What this task involves — All of the data below should be set down again verbatim, without any images.

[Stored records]
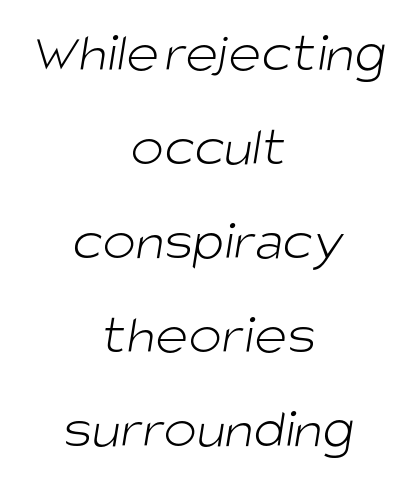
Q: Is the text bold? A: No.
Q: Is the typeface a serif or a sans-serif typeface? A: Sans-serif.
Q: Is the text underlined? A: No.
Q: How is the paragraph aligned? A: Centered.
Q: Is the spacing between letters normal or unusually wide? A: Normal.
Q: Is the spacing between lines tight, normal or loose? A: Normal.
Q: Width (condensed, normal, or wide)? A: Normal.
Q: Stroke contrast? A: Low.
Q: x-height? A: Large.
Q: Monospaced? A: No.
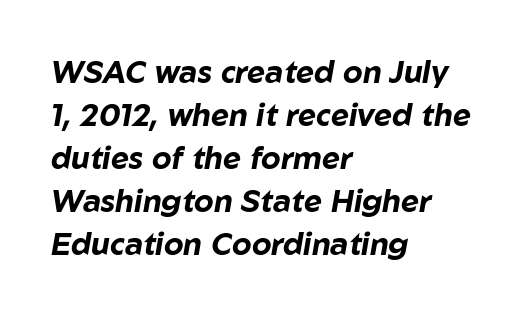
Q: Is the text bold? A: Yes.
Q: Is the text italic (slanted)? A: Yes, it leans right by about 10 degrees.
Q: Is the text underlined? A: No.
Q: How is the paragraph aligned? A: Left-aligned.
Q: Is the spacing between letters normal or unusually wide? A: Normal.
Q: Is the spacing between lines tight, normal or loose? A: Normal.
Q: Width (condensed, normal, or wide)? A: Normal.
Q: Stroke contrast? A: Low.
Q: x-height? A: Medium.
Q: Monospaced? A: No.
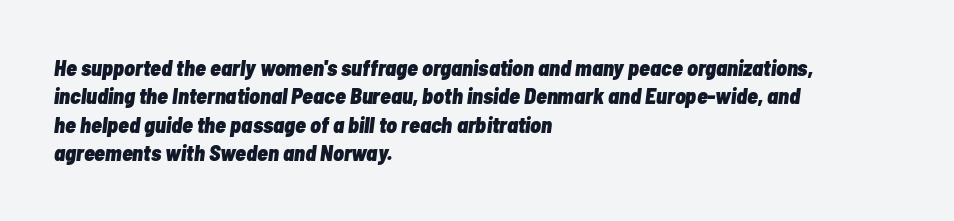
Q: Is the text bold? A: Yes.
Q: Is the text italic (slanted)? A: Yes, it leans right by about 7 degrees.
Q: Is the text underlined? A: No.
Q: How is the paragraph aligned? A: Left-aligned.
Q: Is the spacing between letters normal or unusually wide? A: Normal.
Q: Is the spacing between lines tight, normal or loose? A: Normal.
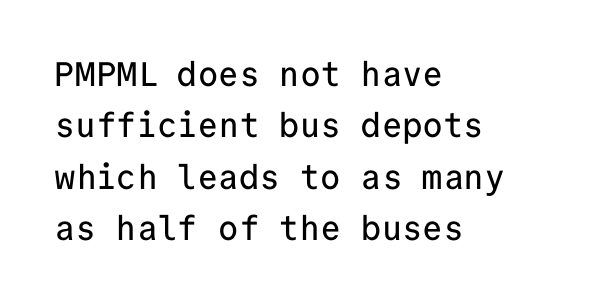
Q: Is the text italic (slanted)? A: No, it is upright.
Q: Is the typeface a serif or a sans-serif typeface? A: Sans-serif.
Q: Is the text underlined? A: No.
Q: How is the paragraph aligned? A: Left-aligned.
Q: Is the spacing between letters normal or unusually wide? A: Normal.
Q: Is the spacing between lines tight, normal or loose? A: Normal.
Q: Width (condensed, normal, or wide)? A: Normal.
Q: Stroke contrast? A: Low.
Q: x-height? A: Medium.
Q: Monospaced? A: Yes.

Exercise result —
Q: Is the text bold? A: No.
Q: Is the typeface a serif or a sans-serif typeface? A: Sans-serif.
Q: Is the text underlined? A: No.
Q: How is the paragraph aligned? A: Centered.
Q: Is the spacing between letters normal or unusually wide? A: Normal.
Q: Is the spacing between lines tight, normal or loose? A: Normal.
Q: Width (condensed, normal, or wide)? A: Normal.
Q: Stroke contrast? A: Low.
Q: x-height? A: Large.
Q: Monospaced? A: No.
Q: Is the text bold? A: Yes.
Q: Is the text italic (slanted)? A: Yes, it leans right by about 10 degrees.
Q: Is the text underlined? A: No.
Q: How is the paragraph aligned? A: Left-aligned.
Q: Is the spacing between letters normal or unusually wide? A: Normal.
Q: Is the spacing between lines tight, normal or loose? A: Normal.
Q: Width (condensed, normal, or wide)? A: Normal.
Q: Stroke contrast? A: Low.
Q: x-height? A: Medium.
Q: Monospaced? A: No.
Q: Is the text bold? A: Yes.
Q: Is the text italic (slanted)? A: Yes, it leans right by about 7 degrees.
Q: Is the text underlined? A: No.
Q: How is the paragraph aligned? A: Left-aligned.
Q: Is the spacing between letters normal or unusually wide? A: Normal.
Q: Is the spacing between lines tight, normal or loose? A: Normal.
Q: Is the text italic (slanted)? A: No, it is upright.
Q: Is the typeface a serif or a sans-serif typeface? A: Sans-serif.
Q: Is the text underlined? A: No.
Q: How is the paragraph aligned? A: Left-aligned.
Q: Is the spacing between letters normal or unusually wide? A: Normal.
Q: Is the spacing between lines tight, normal or loose? A: Normal.
Q: Width (condensed, normal, or wide)? A: Normal.
Q: Stroke contrast? A: Low.
Q: x-height? A: Medium.
Q: Monospaced? A: Yes.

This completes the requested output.